• _Task_
Exactly the lines from the first line of the records to the line holding "gpt: up and bottom" should be duplicated, and nothing more; pictures stay out.

---- Extracted entries

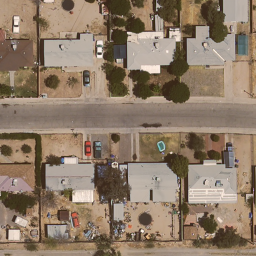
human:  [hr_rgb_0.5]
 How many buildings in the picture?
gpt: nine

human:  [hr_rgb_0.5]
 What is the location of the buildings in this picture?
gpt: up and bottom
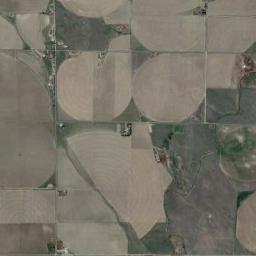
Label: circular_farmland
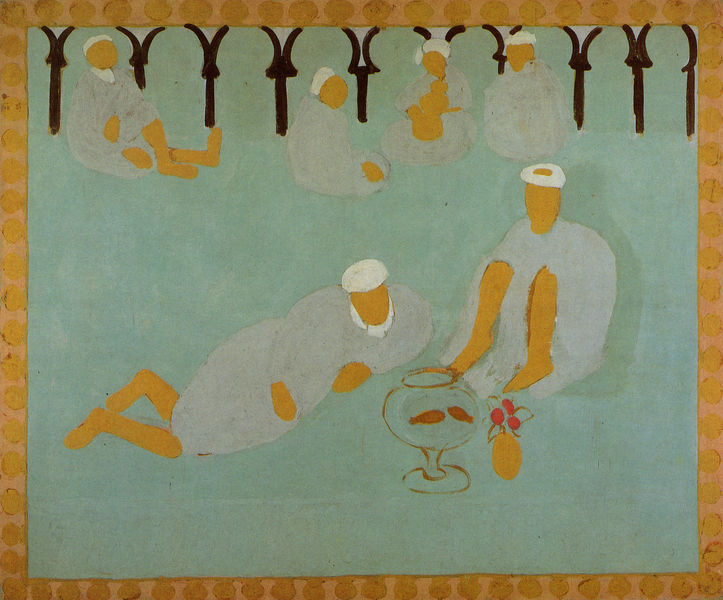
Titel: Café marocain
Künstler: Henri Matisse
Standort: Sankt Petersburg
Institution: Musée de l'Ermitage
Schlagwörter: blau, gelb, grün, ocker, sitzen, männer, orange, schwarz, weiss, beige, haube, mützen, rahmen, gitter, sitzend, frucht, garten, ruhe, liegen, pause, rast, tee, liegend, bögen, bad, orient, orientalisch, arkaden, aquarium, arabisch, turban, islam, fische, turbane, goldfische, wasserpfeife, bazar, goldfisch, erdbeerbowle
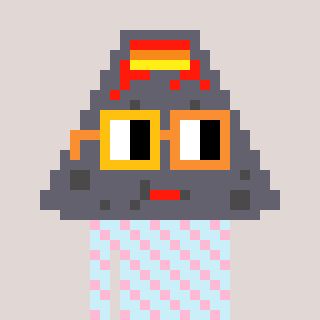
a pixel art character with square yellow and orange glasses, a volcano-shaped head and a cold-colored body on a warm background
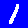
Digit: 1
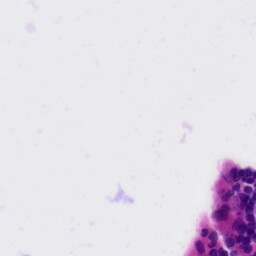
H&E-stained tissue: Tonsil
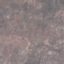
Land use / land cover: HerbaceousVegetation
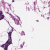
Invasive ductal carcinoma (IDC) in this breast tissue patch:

--------

• _Final answer_
human:  [hr_rgb_0.5]
 How many buildings in the picture?
gpt: nine

human:  [hr_rgb_0.5]
 What is the location of the buildings in this picture?
gpt: up and bottom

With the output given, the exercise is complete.